> [Task goal]: Nothing but the lines from the one with "The Mortgage Fund Trustee may, in exceptional" through the end of the records below should be written out, and each must match word for word.

Dataset extract below:

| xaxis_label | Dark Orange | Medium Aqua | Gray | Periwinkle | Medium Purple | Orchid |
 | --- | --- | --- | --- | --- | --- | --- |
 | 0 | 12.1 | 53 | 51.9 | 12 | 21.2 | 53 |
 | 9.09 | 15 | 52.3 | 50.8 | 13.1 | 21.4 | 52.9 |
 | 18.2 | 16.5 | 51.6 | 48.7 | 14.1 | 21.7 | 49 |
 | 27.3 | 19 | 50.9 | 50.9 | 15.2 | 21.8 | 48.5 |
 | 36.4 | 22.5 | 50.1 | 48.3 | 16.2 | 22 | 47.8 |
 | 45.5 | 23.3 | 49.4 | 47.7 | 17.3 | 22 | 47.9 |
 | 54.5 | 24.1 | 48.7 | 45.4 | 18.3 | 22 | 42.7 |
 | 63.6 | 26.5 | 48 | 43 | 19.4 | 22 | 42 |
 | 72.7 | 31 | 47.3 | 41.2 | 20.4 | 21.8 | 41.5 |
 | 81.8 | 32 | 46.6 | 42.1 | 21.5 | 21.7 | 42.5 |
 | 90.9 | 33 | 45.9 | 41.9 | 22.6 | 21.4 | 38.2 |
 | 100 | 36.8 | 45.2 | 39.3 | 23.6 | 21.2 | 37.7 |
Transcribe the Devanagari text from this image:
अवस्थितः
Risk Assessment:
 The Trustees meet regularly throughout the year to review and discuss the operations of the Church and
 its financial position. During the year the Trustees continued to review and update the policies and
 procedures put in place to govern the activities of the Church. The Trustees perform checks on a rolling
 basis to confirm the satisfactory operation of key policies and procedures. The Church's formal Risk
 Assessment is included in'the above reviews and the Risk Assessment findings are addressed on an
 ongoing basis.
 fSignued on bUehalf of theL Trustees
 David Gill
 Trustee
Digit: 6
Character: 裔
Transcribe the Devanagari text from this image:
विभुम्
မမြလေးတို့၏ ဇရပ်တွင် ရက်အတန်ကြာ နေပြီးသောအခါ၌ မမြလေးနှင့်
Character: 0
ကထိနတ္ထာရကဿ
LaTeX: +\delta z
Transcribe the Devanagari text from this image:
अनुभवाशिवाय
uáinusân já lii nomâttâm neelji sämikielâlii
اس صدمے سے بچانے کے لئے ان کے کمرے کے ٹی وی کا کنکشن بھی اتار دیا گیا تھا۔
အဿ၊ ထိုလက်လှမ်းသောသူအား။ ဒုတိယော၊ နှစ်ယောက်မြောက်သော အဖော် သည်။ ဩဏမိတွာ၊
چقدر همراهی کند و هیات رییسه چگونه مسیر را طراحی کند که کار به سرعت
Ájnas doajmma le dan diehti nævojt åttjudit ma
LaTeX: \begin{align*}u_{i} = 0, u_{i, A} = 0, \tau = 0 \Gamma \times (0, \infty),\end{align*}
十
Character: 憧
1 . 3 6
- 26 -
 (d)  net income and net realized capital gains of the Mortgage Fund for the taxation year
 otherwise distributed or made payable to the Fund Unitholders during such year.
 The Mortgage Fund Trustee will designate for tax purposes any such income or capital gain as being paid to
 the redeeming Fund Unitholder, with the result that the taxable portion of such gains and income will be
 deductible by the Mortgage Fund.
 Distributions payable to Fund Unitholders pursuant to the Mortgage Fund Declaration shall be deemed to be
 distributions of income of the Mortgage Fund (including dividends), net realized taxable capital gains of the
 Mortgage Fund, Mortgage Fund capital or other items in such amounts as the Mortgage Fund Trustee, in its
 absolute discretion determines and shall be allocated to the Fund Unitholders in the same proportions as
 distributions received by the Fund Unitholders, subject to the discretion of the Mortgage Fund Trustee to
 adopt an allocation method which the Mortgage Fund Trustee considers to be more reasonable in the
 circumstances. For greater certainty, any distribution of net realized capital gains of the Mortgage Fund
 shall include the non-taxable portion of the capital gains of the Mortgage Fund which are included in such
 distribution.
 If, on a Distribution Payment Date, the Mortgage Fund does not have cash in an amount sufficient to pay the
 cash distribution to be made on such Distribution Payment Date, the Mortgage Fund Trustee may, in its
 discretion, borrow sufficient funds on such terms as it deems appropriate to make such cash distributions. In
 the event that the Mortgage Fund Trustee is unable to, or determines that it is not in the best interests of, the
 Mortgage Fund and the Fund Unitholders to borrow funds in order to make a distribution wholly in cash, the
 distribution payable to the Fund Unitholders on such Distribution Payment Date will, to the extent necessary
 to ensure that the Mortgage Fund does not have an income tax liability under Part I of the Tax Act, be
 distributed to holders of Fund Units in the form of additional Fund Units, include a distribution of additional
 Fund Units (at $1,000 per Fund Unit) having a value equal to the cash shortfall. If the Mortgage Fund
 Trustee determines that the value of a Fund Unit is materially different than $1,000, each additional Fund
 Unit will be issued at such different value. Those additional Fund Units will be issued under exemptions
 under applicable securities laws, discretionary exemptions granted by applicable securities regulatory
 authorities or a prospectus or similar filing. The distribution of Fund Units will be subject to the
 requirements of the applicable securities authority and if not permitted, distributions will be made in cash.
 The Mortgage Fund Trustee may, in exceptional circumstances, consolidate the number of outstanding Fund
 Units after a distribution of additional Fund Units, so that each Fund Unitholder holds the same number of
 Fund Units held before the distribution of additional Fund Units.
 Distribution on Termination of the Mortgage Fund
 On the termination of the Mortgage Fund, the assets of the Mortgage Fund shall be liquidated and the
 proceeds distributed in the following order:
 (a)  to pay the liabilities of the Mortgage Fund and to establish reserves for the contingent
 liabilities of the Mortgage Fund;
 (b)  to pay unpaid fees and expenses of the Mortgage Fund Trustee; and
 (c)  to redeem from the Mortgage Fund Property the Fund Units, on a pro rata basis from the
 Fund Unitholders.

End of Dataset extract.

> [Result for this task]:
 The Mortgage Fund Trustee may, in exceptional circumstances, consolidate the number of outstanding Fund
 Units after a distribution of additional Fund Units, so that each Fund Unitholder holds the same number of
 Fund Units held before the distribution of additional Fund Units.
 Distribution on Termination of the Mortgage Fund
 On the termination of the Mortgage Fund, the assets of the Mortgage Fund shall be liquidated and the
 proceeds distributed in the following order:
 (a)  to pay the liabilities of the Mortgage Fund and to establish reserves for the contingent
 liabilities of the Mortgage Fund;
 (b)  to pay unpaid fees and expenses of the Mortgage Fund Trustee; and
 (c)  to redeem from the Mortgage Fund Property the Fund Units, on a pro rata basis from the
 Fund Unitholders.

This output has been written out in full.